Truth is the secret of Jesus’ authority, and Love is the secret of Jesus’ power. The basis of Jesus’ authority is revealed as he explains to Pilate why he has not ordered or even asked his followers to fight for him. On the contrary, when Peter drew his sword in an impulsive bid to stop the soldiers arresting Jesus, he was sharply ordered to put it away. Leaving aside Peter’s brave but futile gesture, Jesus could have called on overwhelming force to break free at any time, but he refused to do so. He knew that to behave like that would make him an earthly king even if the forces at his command, those legions of angels, were heavenly. And that would utterly betray the kingship, the authority to which it was his duty and his destiny to bear witness. For this I was born,’ he tells Pilate, to testify to the truth. Everyone who belongs to the truth listens to my voice.’ (v37). Indeed, it is the truth to which Jesus bears witness that invests him with such an aura of calm authority as he stands there before Pilate.

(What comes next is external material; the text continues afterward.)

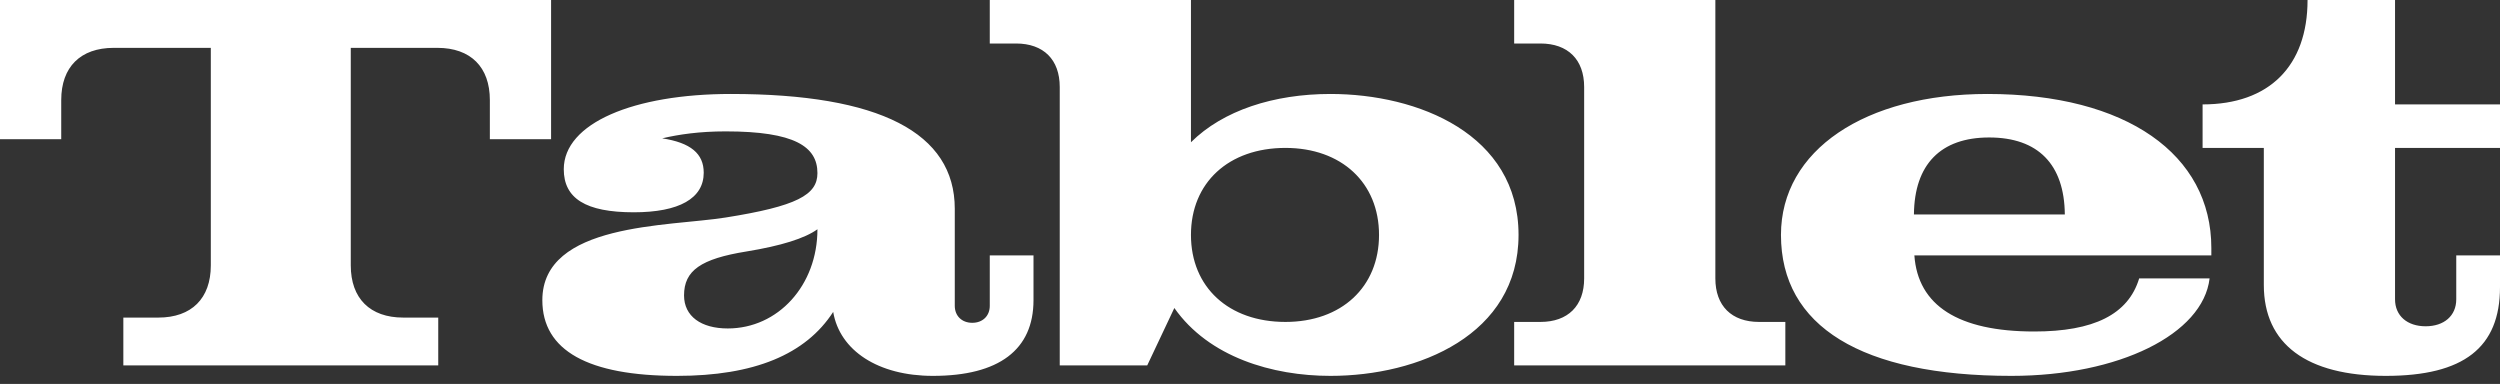 <svg width="280" height="43" viewBox="0 0 280 43" fill="none" xmlns="http://www.w3.org/2000/svg"><rect x="0" y="0" width="280" height="43" fill="#333333" stroke="none"/><path d="M81.267 24.362C89.251 23.095 91.553 21.828 91.553 19.392C91.553 16.42 89.006 14.715 81.267 14.715C78.328 14.715 76.025 15.056 74.164 15.494C77.348 15.982 78.817 17.2 78.817 19.344C78.817 22.218 76.074 23.777 70.98 23.777C65.591 23.777 63.142 22.218 63.142 18.954C63.142 13.789 70.98 10.524 81.854 10.524C98.509 10.524 106.935 14.861 106.935 23.388V34.253C106.935 35.374 107.719 36.154 108.894 36.154C110.07 36.154 110.854 35.374 110.854 34.253V28.601H115.752V33.62C115.752 39.174 111.882 42.098 104.486 42.098C98.362 42.098 94.052 39.272 93.317 34.935C90.231 39.71 84.451 42.098 75.829 42.098C65.885 42.098 60.742 39.272 60.742 33.62C60.742 24.947 74.85 25.385 81.267 24.362ZM91.553 25.678C90.133 26.701 87.488 27.529 83.618 28.163C78.475 28.991 76.613 30.307 76.613 33.084C76.613 35.423 78.523 36.787 81.511 36.787C87.145 36.787 91.553 31.963 91.553 25.678ZM268.244 16.566V33.522C268.244 35.374 269.615 36.543 271.672 36.543C273.73 36.543 275.101 35.374 275.101 33.522V28.601H280V32.158C280 38.931 275.934 42.098 267.215 42.098C258.348 42.098 253.548 38.541 253.548 31.915V16.566H246.69V11.694C254.136 11.694 258.446 7.406 258.446 0H268.244V11.694H280V16.566H268.244ZM225.283 42.098C208.481 42.098 199.468 36.543 199.468 26.311C199.468 16.81 208.922 10.524 222.589 10.524C238.167 10.524 247.67 17.297 247.67 27.773V28.601H214.409C214.801 34.205 219.307 37.128 227.831 37.128C234.493 37.128 238.362 35.228 239.587 31.184H247.474C246.739 37.42 237.334 42.098 225.283 42.098ZM214.36 24.021H231.26C231.211 18.418 228.272 15.397 222.785 15.397C217.348 15.397 214.409 18.418 214.36 24.021ZM169.587 4.872V0H192.12V31.184C192.12 34.253 193.933 36.056 197.019 36.056H199.958V40.928H169.587V36.056H172.526C175.612 36.056 177.425 34.253 177.425 31.184V9.745C177.425 6.675 175.612 4.872 172.526 4.872H169.587ZM0 15.592V0H61.721V15.592H54.864V11.207C54.864 7.504 52.708 5.36 48.985 5.36H39.286V29.722C39.286 33.425 41.442 35.569 45.164 35.569H49.083V40.928H13.814V35.569H17.733C21.456 35.569 23.611 33.425 23.611 29.722V5.36H12.736C9.013 5.36 6.858 7.504 6.858 11.207V15.592H0ZM110.854 4.872V0H133.387V15.933C136.963 12.376 142.645 10.524 149.013 10.524C158.81 10.524 170.077 15.007 170.077 26.311C170.077 37.518 158.859 42.098 149.013 42.098C142.498 42.098 135.395 40.003 131.526 34.497L128.488 40.928H118.691V9.745C118.691 6.675 116.879 4.872 113.793 4.872H110.854ZM133.387 26.311C133.387 32.158 137.6 36.056 143.968 36.056C150.238 36.056 154.451 32.158 154.451 26.311C154.451 20.464 150.238 16.566 143.968 16.566C137.6 16.566 133.387 20.464 133.387 26.311Z" fill="white" style="fill:white;fill-opacity:1;"/></svg>

A year ago we identified in the pages of our parish magazine four kinds of truth, all of them valid in their different ways. The truth to which Jesus bore witness in his life and death, is the truth about a righteous God, who is also our loving Father, one who does not compel our obedience by the exercise of overwhelming power, but seeks it as the response of love to love. Such truth about God is not the sort of material truth that we can touch and feel and demonstrate objectively, but it is the truth which lies at the very heart of the realm, the sphere of authority, where Christ is King. It is the essence of the narrative truth that we observe in the Biblical story of what God has done for us. It is the truth that was most perfectly expressed in Jesus’ own loving obedience to his Father’s will. It is the very essence of the performative truth that we ourselves experience in the Eucharist, where what we do together expresses God’s love for us and our love for Him. It is the truth which empowers the willing obedience of all those whose love responds to the love of God. It is the truth which we all experience in our different ways when we engage with it by putting our trust in Christ who is our Way and our Life as well as our Truth. My kingdom is not of this world, but everyone who belongs to the truth listens to my voice. We too are called to bear witness to the truth about Christ the King- the King of Love.